Blog Tour: The Case of the Missing Bride

Today I am one of the two blog stops on the blog tour for The Case of the Missing Bride by Carmen Radtke! She is published by Bloodhound Books. Today I will be sharing Carmen’s thoughts on character and in turn we will be learning a little about Alyssa!

Book Description:

When a girl goes missing on board of an ocean liner, only one person is convinced that the disappearance is no accident. Alyssa has found herself with a group of impoverished girls who are embarking from Australia to Canada in the hope of marriage. As the daughter of a senior official, Alyssa doesn’t share this goal. She hopes to return to England via Canada and sees the trip as her only way to secure any passage on a ship. But the girls all share one problem. Their presence on the ship is not known to many of its passengers but their worlds collide when one of the gentlemen discovers the girls. Then Emma, one of the intended brides, goes missing. Alyssa is convinced the disappearance is no accident, and she will risk her own life to search for the killer. What happened to Emma? Is there a murderer on board the ship? Alyssa is about to discover that there is more to her voyage into the unknown than she bargained for.

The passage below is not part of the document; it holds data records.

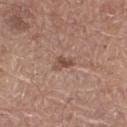notes: imaged on a skin check; not biopsied | diameter: ~2.5 mm (longest diameter) | lighting: white-light illumination | imaging modality: total-body-photography crop, ~15 mm field of view | patient: male, aged approximately 65 | TBP lesion metrics: a mean CIELAB color near L≈49 a*≈20 b*≈27, roughly 9 lightness units darker than nearby skin, and a lesion-to-skin contrast of about 7 (normalized; higher = more distinct); a border-irregularity rating of about 3.5/10 | anatomic site: the right thigh.
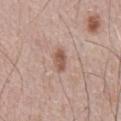  biopsy_status: not biopsied; imaged during a skin examination
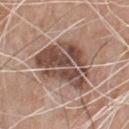follow-up: total-body-photography surveillance lesion; no biopsy | imaging modality: total-body-photography crop, ~15 mm field of view | site: the chest | tile lighting: white-light illumination | patient: male, approximately 80 years of age.

Characters. We need to love them or hate them.

In Alyssa Chalmers’ case, I love her. There. I said it. She’s feisty, rash, open-minded and prejudiced, honest except when she has to lie…

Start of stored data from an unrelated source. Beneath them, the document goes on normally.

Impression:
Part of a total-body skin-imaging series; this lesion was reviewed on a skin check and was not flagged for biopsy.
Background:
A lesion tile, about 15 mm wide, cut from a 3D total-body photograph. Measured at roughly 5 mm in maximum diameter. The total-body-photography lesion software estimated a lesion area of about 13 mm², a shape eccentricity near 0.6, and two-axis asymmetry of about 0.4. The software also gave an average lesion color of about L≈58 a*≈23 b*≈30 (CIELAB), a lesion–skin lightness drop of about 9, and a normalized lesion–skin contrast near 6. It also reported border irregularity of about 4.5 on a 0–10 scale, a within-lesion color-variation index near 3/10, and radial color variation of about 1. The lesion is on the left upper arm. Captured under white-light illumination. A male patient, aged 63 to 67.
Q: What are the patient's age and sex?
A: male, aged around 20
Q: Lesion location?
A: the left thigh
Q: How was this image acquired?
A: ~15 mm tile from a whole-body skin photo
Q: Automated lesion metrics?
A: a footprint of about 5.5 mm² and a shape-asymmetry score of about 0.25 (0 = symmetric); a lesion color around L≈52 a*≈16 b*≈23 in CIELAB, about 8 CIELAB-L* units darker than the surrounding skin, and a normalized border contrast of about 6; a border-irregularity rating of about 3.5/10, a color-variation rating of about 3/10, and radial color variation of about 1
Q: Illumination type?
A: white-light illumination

She wasn’t always like this.  I knew what I wanted from my heroine, a young woman ahead of her time, which in 1862 took some serious guts, someone who challenged her circumstances but still was confined by them.

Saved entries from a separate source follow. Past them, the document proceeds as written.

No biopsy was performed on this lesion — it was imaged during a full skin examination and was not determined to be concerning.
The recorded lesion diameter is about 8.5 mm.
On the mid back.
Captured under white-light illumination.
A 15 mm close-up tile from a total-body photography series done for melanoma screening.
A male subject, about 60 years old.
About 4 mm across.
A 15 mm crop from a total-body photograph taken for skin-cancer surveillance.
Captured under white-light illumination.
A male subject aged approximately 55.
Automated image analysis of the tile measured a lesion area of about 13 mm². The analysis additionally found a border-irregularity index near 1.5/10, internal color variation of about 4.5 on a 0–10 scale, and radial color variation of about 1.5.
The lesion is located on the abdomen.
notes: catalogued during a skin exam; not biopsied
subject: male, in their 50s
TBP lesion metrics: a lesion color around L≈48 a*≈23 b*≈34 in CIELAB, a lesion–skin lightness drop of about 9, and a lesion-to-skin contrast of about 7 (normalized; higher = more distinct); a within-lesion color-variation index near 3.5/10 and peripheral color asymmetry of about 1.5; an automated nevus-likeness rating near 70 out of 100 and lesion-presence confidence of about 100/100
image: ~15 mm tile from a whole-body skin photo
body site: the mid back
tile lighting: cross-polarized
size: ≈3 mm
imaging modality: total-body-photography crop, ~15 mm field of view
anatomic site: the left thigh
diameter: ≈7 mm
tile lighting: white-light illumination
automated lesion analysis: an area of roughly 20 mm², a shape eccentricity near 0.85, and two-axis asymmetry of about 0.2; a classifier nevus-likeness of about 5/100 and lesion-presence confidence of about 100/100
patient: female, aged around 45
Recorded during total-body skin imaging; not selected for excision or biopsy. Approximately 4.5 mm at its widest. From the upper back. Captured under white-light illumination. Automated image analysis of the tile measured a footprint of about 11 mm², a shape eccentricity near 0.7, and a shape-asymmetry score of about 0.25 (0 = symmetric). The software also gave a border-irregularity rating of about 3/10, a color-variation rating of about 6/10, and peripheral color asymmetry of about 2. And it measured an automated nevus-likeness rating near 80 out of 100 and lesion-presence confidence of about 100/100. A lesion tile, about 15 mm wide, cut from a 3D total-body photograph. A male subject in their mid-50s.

So far, so good. Except she proved elusive. Whenever I thought I had pinned her down in my head, she slipped out of my grasp.

I’d gotten her name wrong.

For me, names are more than just props for writing, that can be changed at a later stage. If I don’t have the right name, I can’t nail the character. It’s impossible. An Annie Parker will never have the same strength and weaknesses as an Eloise Parker. A Mark Bryson is a far cry from a Bartholomew.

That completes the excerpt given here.